Within the EU Commission, its Dutch vice president Frans Timmermans is now responsible for the fight against anti-Semitism and Islamophobia. This intelligent and cunning former Dutch foreign minister is a member of the anti-Israeli Dutch Labor Party. Often when Israel is at stake he will make some valid remarks and then somehow insert a distorting twist.
At the first Forum of Fundamental Rights, at the beginning of this month, Timmermans addressed anti-Semitism and Islamophobia.
His speech was vintage Timmermans.
He mentioned that “anti-Semitism sometimes tries to hide itself behind anti-Zionism.”
For an observer of the European scene, this is an understatement.
The “sometimes” should be replaced by “frequently.” Timmermans began to stray considerably from the truth when he compared the current refugees with the Jewish refugees of the 1930s, saying with emotional emphasis: “The only thing that is different is that the refugees today come from somewhere else and have a different background.” He conveniently forgot to mention that, among so many other differences, many of the current Muslim refugees were raised in an environment where they have been instilled with extreme hatred of Israel and Jews for decades.
Timmermans announced that the European commission is going to appoint two coordinators, who will report respectively about anti-Semitism and Islamophobia.
They will report directly to him.
This is a positive initiative.
Two important observations should however be made here.
First, the anti-Semitism coordinator should be charged specifically to deal with anti-Israelism as well.
If he does not do so, he cannot function effectively in the EU environment where 40% of the population over 16 years old hold the extreme anti-Semitic stereotypical belief that Israel is conducting a war of extermination against the Palestinians.
Much of the widespread European anti-Semitism manifests itself as anti-Israelism.

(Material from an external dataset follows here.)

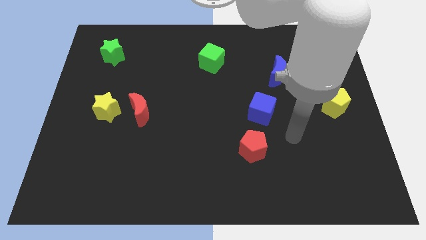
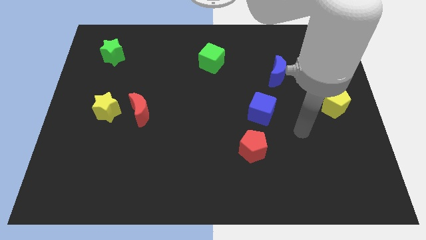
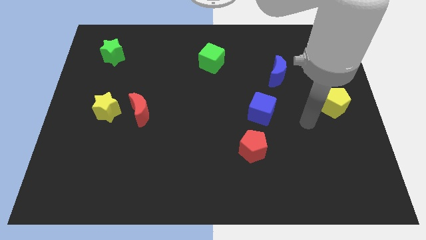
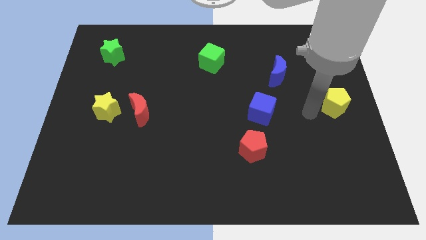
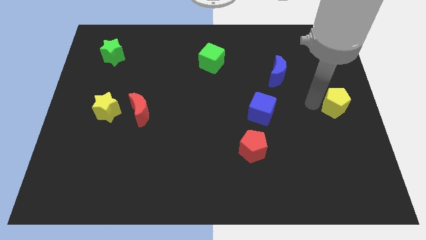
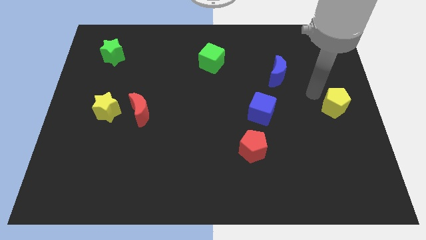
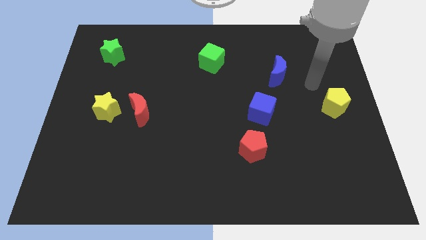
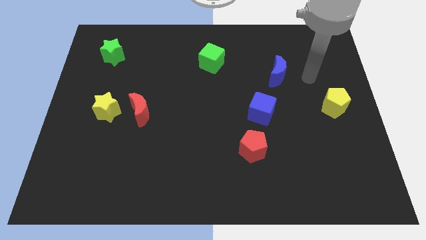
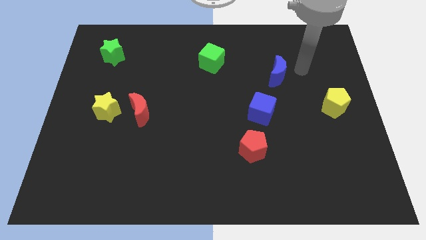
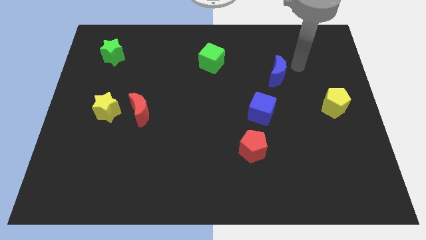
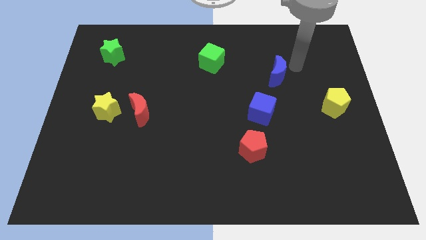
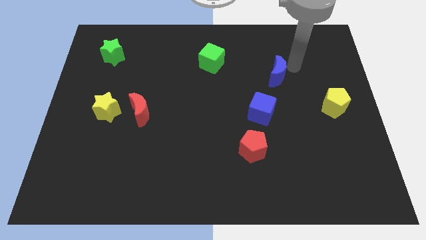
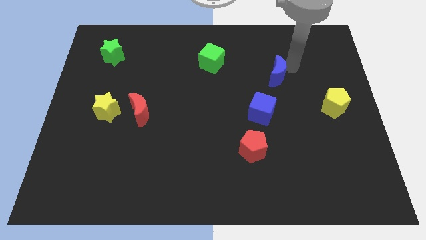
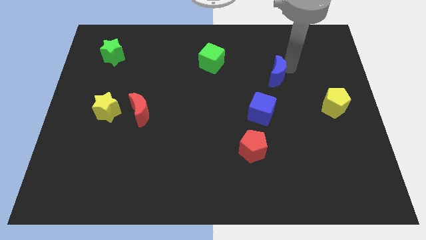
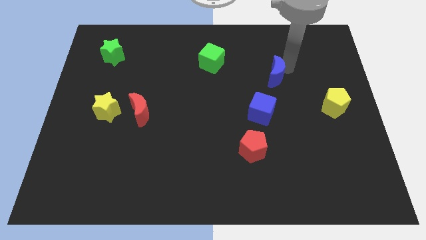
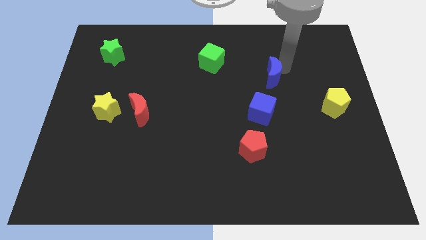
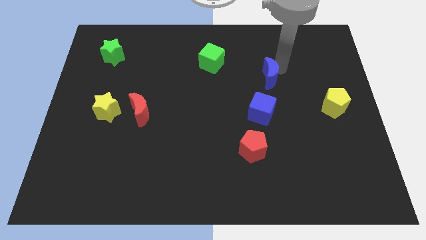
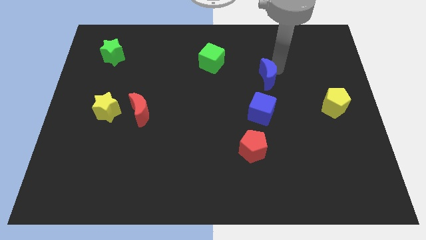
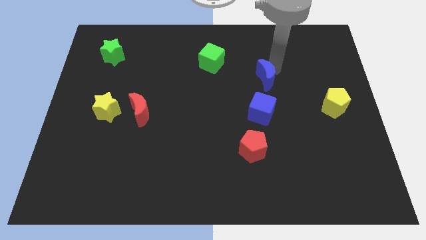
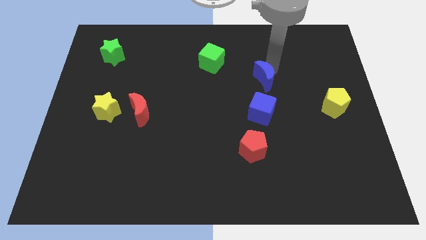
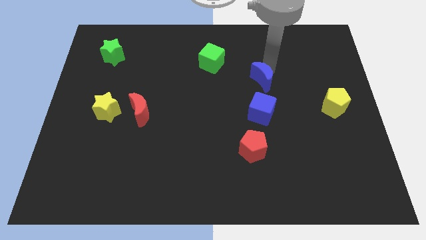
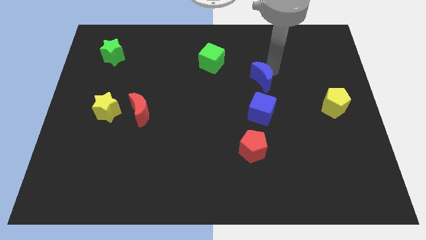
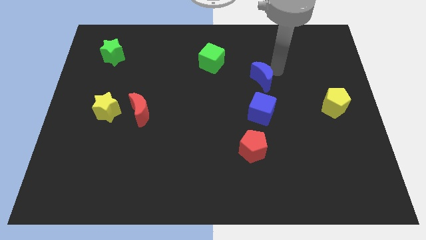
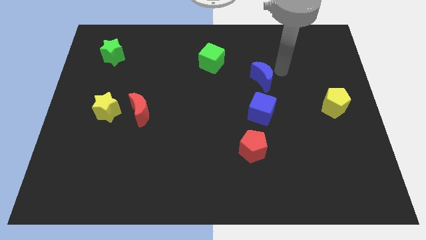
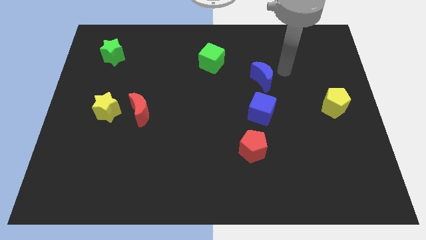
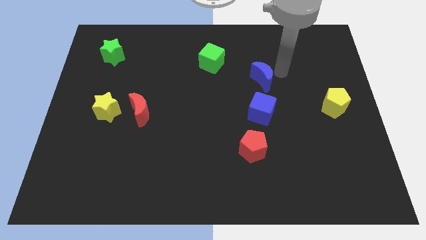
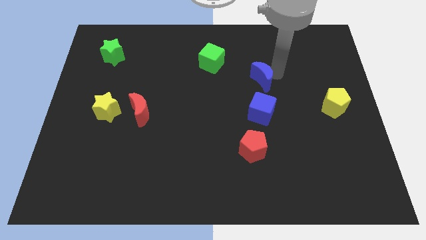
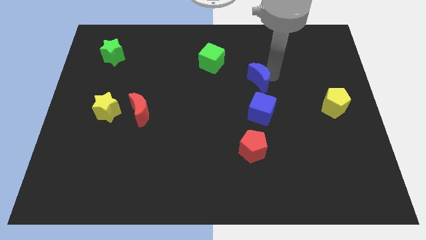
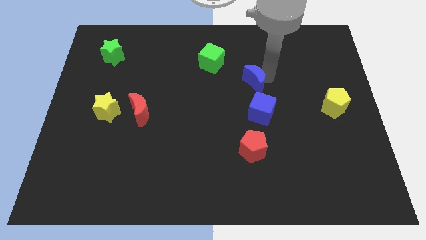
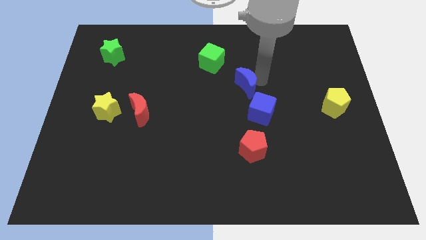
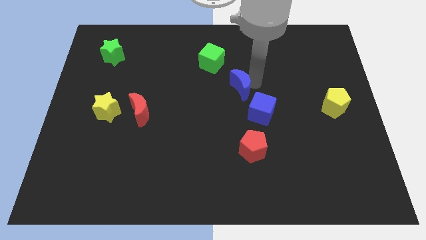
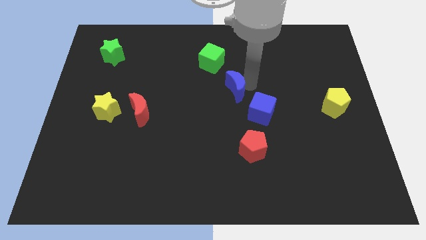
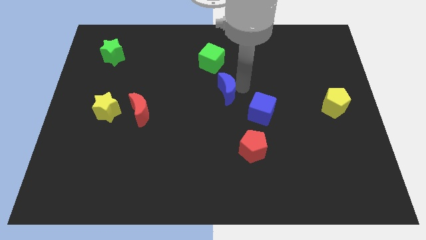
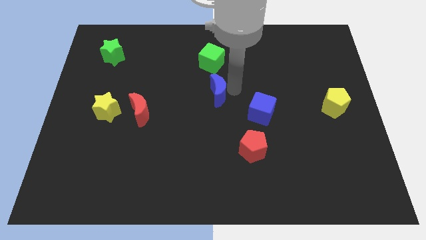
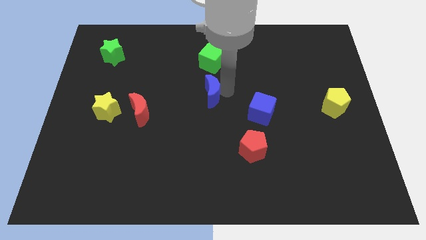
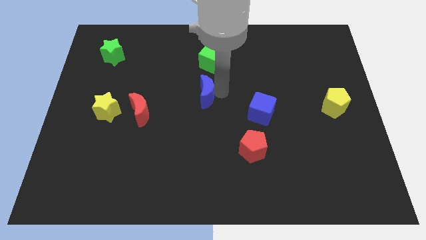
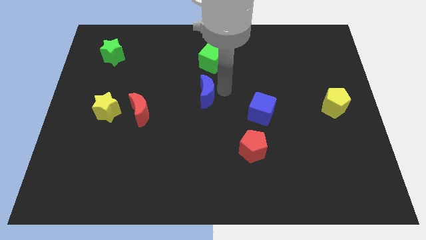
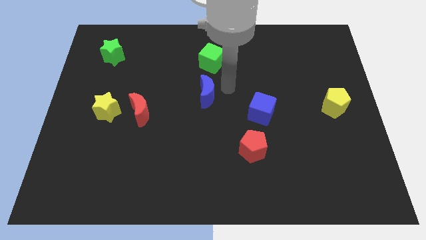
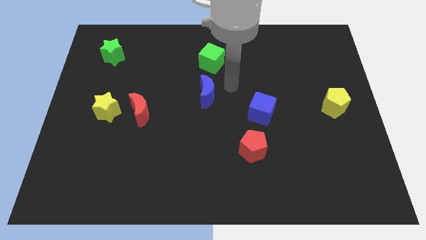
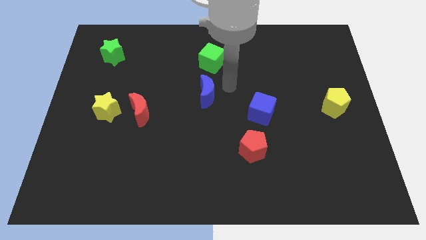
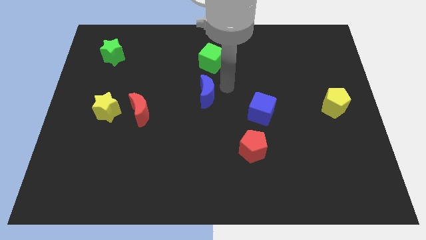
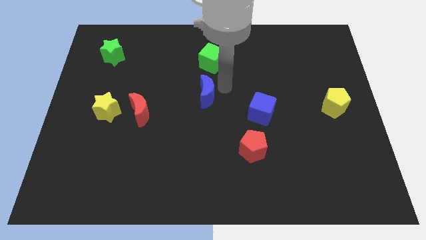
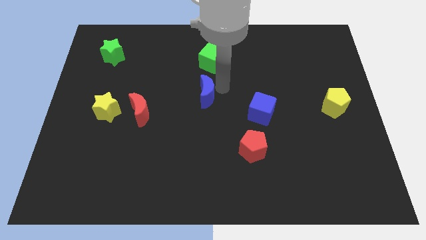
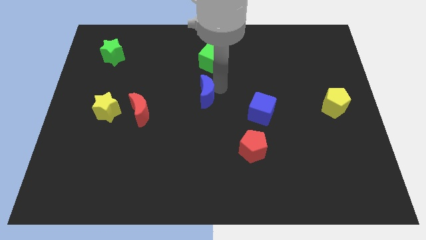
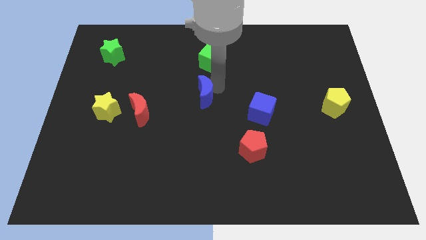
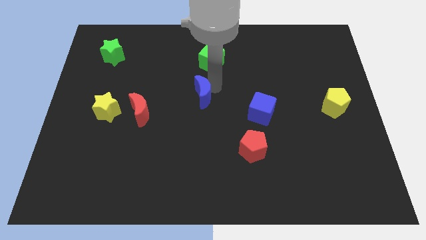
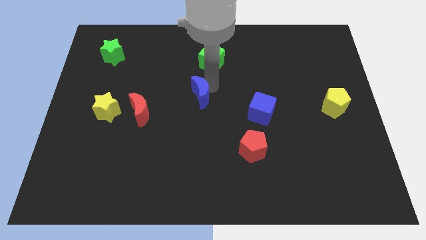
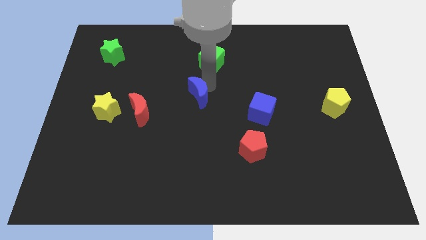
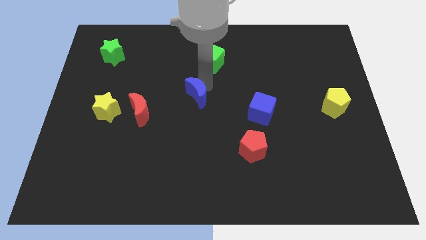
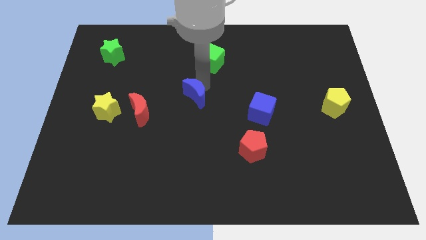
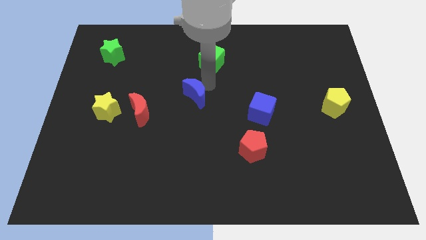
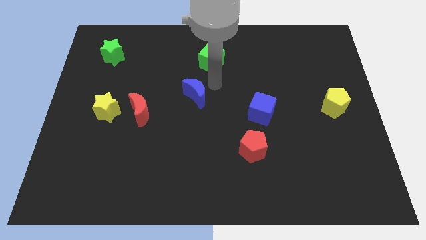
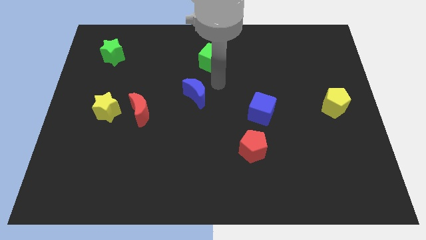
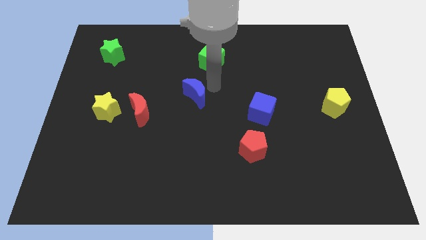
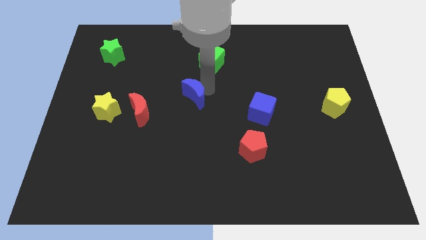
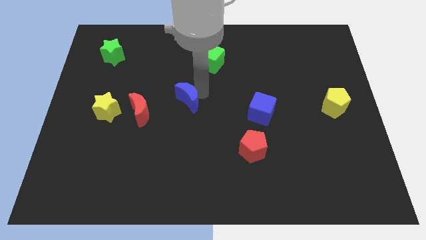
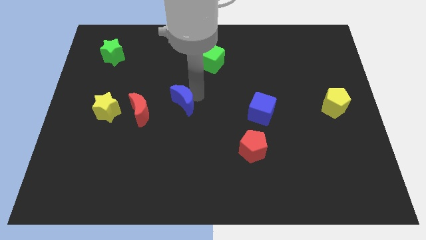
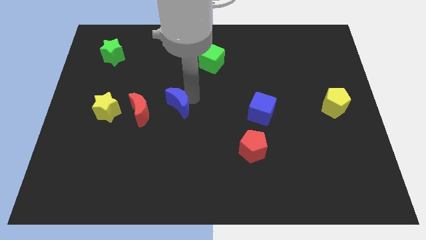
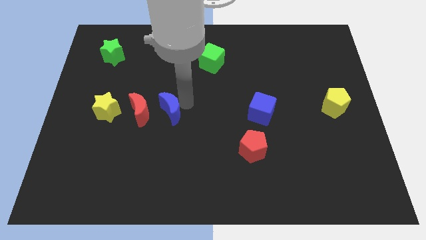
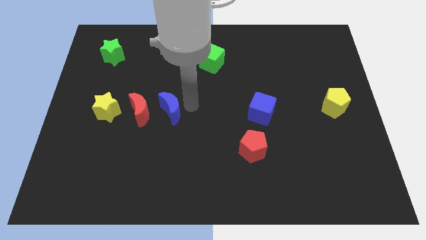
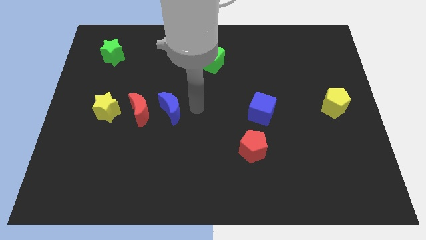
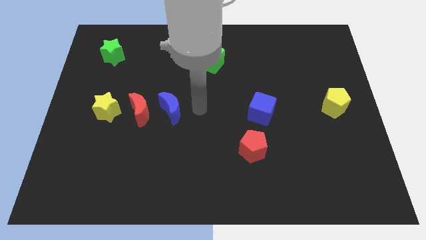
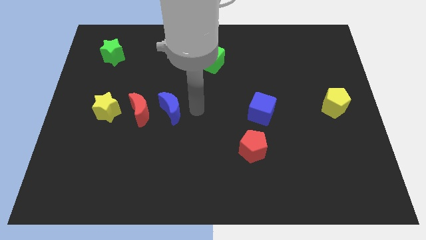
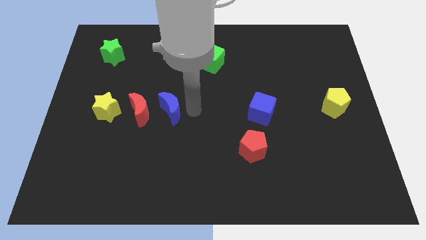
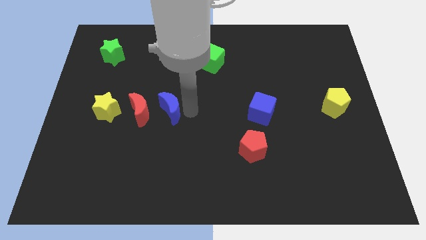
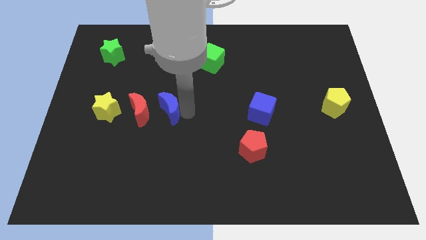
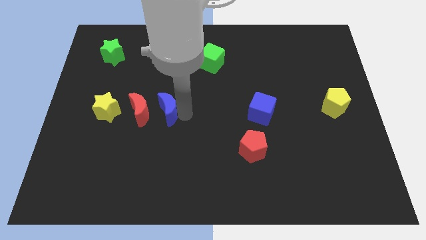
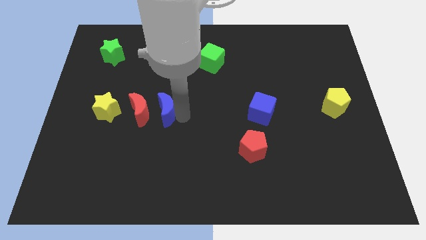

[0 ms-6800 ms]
move the blue moon next to the red moon

This has been pointed out in letters in the past to the previous heads of the EU Commission and the president of the European Parliament by both the Simon Wiesenthal Center and the Gatestone Institute. The vague answers they received indicated that there was no desire for significant action.
The second observation is that Timmermans should charge the anti-Semitism coordinator to devote substantial attention to Muslim anti-Semitism. If he does not do so, Jewish organizations should approach Euro-parliamentarians to ask the European Commission questions as to why this coordinator does not give Muslim anti-Semitism and anti-Israelism the great deal of attention they so obviously require.
The author is emeritus chairman of the Jerusalem Center for Public Affairs and was given the lifetime award for 2012 by the Journal for the Study of Antisemitism.